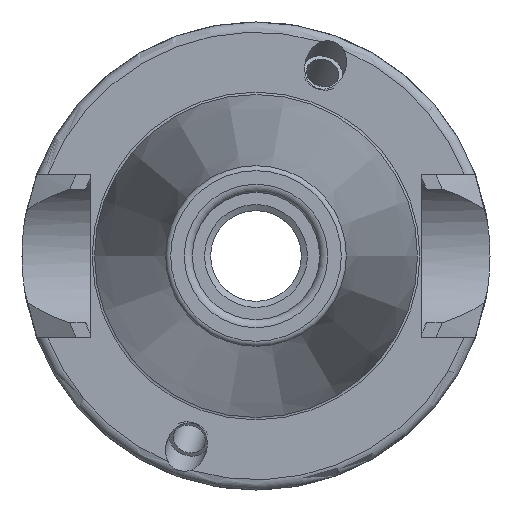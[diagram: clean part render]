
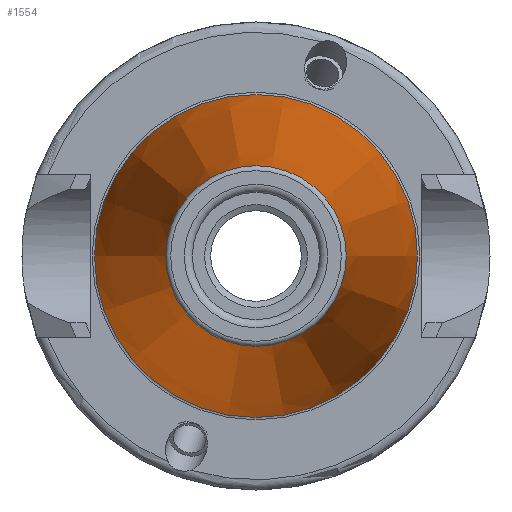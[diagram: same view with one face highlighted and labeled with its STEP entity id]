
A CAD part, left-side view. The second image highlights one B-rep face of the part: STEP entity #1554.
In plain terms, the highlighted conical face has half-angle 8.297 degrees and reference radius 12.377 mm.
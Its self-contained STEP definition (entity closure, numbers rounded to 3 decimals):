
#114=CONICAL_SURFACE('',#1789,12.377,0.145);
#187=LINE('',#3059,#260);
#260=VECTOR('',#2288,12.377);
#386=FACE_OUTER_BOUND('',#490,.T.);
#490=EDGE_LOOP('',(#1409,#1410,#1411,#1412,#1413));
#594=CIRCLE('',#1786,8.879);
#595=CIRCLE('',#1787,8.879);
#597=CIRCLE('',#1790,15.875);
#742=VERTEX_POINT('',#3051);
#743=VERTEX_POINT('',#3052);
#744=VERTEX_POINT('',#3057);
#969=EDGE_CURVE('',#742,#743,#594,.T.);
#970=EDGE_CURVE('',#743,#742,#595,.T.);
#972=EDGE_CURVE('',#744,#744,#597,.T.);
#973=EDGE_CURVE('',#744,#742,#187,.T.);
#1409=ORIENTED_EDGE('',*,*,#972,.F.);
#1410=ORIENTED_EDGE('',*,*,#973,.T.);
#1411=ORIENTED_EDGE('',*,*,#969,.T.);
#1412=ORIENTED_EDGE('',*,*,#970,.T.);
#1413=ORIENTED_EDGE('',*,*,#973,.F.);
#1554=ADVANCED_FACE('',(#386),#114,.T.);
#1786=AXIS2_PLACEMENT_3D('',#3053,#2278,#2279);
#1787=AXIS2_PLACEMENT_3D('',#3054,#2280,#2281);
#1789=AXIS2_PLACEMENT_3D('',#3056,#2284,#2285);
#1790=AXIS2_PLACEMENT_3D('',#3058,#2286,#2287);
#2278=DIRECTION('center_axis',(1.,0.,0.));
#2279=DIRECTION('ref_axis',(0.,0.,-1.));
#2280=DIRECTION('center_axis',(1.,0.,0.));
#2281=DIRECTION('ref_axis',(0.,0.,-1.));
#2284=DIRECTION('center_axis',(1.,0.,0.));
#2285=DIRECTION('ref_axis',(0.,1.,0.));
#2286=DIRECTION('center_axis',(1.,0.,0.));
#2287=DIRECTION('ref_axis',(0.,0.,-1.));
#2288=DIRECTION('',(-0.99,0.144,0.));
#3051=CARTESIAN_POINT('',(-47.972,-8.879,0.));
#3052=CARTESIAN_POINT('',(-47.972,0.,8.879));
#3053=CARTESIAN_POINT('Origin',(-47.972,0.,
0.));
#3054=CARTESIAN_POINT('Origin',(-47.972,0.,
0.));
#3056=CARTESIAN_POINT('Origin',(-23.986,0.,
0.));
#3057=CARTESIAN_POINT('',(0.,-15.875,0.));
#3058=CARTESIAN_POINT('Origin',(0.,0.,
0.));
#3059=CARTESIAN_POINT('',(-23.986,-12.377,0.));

● ● ● ●

#### Brief:
The result should be a word-for-word restatement of all the data, without images.

#### Answer section:
[diagram: clean part render]
[diagram: same view with one face highlighted and labeled with its STEP entity id]
A CAD part, left-side view. The second image highlights one B-rep face of the part: STEP entity #1554.
In plain terms, the highlighted conical face has half-angle 8.297 degrees and reference radius 12.377 mm.
Its self-contained STEP definition (entity closure, numbers rounded to 3 decimals):
#114=CONICAL_SURFACE('',#1789,12.377,0.145);
#187=LINE('',#3059,#260);
#260=VECTOR('',#2288,12.377);
#386=FACE_OUTER_BOUND('',#490,.T.);
#490=EDGE_LOOP('',(#1409,#1410,#1411,#1412,#1413));
#594=CIRCLE('',#1786,8.879);
#595=CIRCLE('',#1787,8.879);
#597=CIRCLE('',#1790,15.875);
#742=VERTEX_POINT('',#3051);
#743=VERTEX_POINT('',#3052);
#744=VERTEX_POINT('',#3057);
#969=EDGE_CURVE('',#742,#743,#594,.T.);
#970=EDGE_CURVE('',#743,#742,#595,.T.);
#972=EDGE_CURVE('',#744,#744,#597,.T.);
#973=EDGE_CURVE('',#744,#742,#187,.T.);
#1409=ORIENTED_EDGE('',*,*,#972,.F.);
#1410=ORIENTED_EDGE('',*,*,#973,.T.);
#1411=ORIENTED_EDGE('',*,*,#969,.T.);
#1412=ORIENTED_EDGE('',*,*,#970,.T.);
#1413=ORIENTED_EDGE('',*,*,#973,.F.);
#1554=ADVANCED_FACE('',(#386),#114,.T.);
#1786=AXIS2_PLACEMENT_3D('',#3053,#2278,#2279);
#1787=AXIS2_PLACEMENT_3D('',#3054,#2280,#2281);
#1789=AXIS2_PLACEMENT_3D('',#3056,#2284,#2285);
#1790=AXIS2_PLACEMENT_3D('',#3058,#2286,#2287);
#2278=DIRECTION('center_axis',(1.,0.,0.));
#2279=DIRECTION('ref_axis',(0.,0.,-1.));
#2280=DIRECTION('center_axis',(1.,0.,0.));
#2281=DIRECTION('ref_axis',(0.,0.,-1.));
#2284=DIRECTION('center_axis',(1.,0.,0.));
#2285=DIRECTION('ref_axis',(0.,1.,0.));
#2286=DIRECTION('center_axis',(1.,0.,0.));
#2287=DIRECTION('ref_axis',(0.,0.,-1.));
#2288=DIRECTION('',(-0.99,0.144,0.));
#3051=CARTESIAN_POINT('',(-47.972,-8.879,0.));
#3052=CARTESIAN_POINT('',(-47.972,0.,8.879));
#3053=CARTESIAN_POINT('Origin',(-47.972,0.,
0.));
#3054=CARTESIAN_POINT('Origin',(-47.972,0.,
0.));
#3056=CARTESIAN_POINT('Origin',(-23.986,0.,
0.));
#3057=CARTESIAN_POINT('',(0.,-15.875,0.));
#3058=CARTESIAN_POINT('Origin',(0.,0.,
0.));
#3059=CARTESIAN_POINT('',(-23.986,-12.377,0.));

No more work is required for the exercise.